Effect of salt and ionic strength on swelling

Electrical neutrality for the synthesized hydrogel is balanced by the potassium ions of the neutralizing medium, which will give an ionic concentration difference inside and outside the gel in an aqueous medium. Thus the variation of SR at different salt solutions (Fig. 8) points to the facts that SR will be less in salt solutions than in distilled water and the ionic strength of environment affects the swelling of the hydrogels. Swelling ratios of hydrogel were found to decrease in NaCl, CaCl2 and AlCl3 solutions with increased ionic strength (0.001–0.009 M) of the salt solution. This can be due to the osmotic pressure developed due to the difference in mobile ion concentration between the gel and the aqueous solution. It is observed that at a fixed concentration of salt solutions the SR was in the order NaCl > CaCl2 > AlCl3 indicate the dependence of SR on the valency of the added ion. This dramatic decrease of water absorbency in multivalent cationic solutions could be related to the complexing ability of carboxylate groups (both inter and intra) and thus causes an increase in crosslinking density [42].

Fig. 8
figure 8

Variation of swelling behavior of K3 hydrogel as a function of concentration of salt solutions at room temperature

Full size image

Reswelling of the hydrogel

The hydrogel when added to double distilled water, it absorbs water and swell.

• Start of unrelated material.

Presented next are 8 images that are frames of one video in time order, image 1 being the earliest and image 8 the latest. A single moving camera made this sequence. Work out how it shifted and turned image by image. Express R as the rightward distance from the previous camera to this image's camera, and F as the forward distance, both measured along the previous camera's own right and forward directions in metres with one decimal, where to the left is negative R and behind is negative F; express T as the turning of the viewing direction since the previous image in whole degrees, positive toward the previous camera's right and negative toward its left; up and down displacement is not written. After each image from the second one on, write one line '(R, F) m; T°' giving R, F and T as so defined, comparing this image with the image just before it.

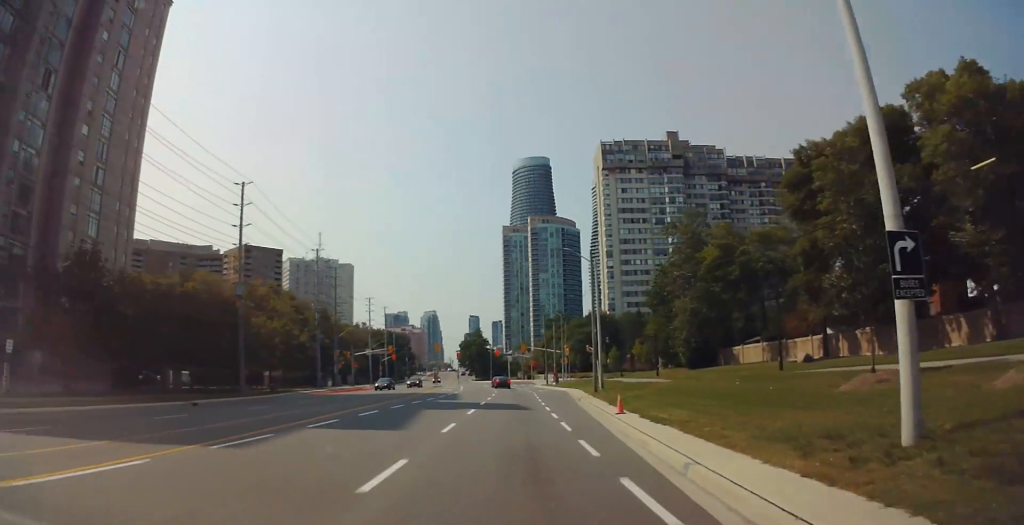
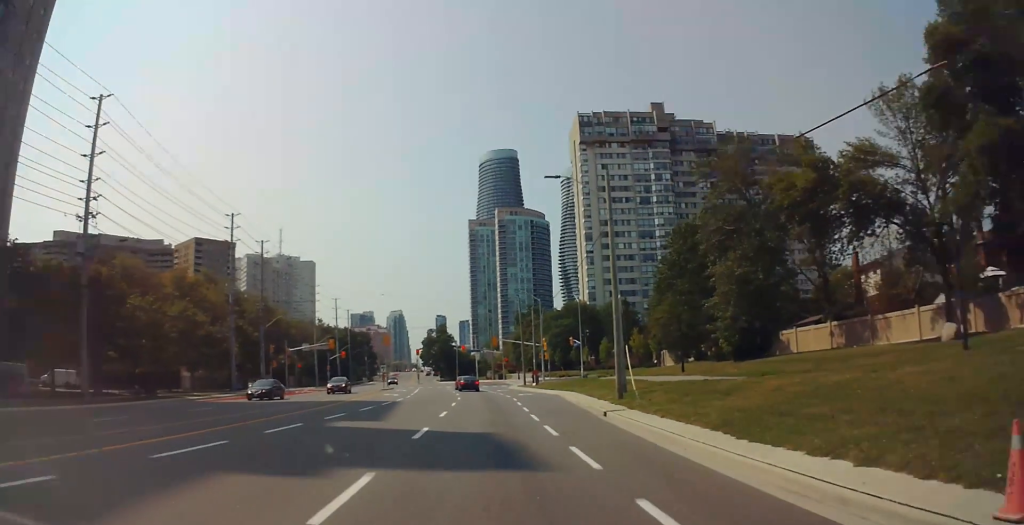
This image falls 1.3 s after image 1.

This swollen hydrogel when added in 0.01 M NaCl solution it starts to shrink (deswelling) due to the difference in the concentration of free ions inside and outside of the gel. Thus the deswelled hydrogel will swell again if it is made into contact with double distilled water. The results were so interesting that even after reswelling three or four times they retained their capacity as depicted in Fig. 9 indicating the effectiveness and reusability of the synthesized PAAAM hydrogel for technical applications, especially in sewage water purification.

Fig. 9
figure 9

Swelling and reswelling cycles of K3 hydrogel

Full size image

Conclusions

The hydrogels prepared by the copolymerization of acrylic acid and maleic acid could have wide practical applications which includes industrial waste water treatment. Cross link density and tensile strength of the hydrogel increased with increase in the amount of cross linker but its corresponding swelling value decreased. Amount of cross linker used is thus optimized to 0.25 mol%.The synthesized intelligent hydrogel showed environmental responsive swelling behavior—a noticeable property. The hydrogel possessed good hydrophilic property due to the presence of acrylic acid and maleic acid and also have high mechanical strength. The MA concentration also optimized from the swelling experiments at different pH of the medium. MA incorporation in the hydrogel increased the thermal strength and water absorption capacity of the gel. The reswelling experiment was confirming the reuse of the hydrogel. All these make this hydrogel acceptable for potential usage in water treatment processes.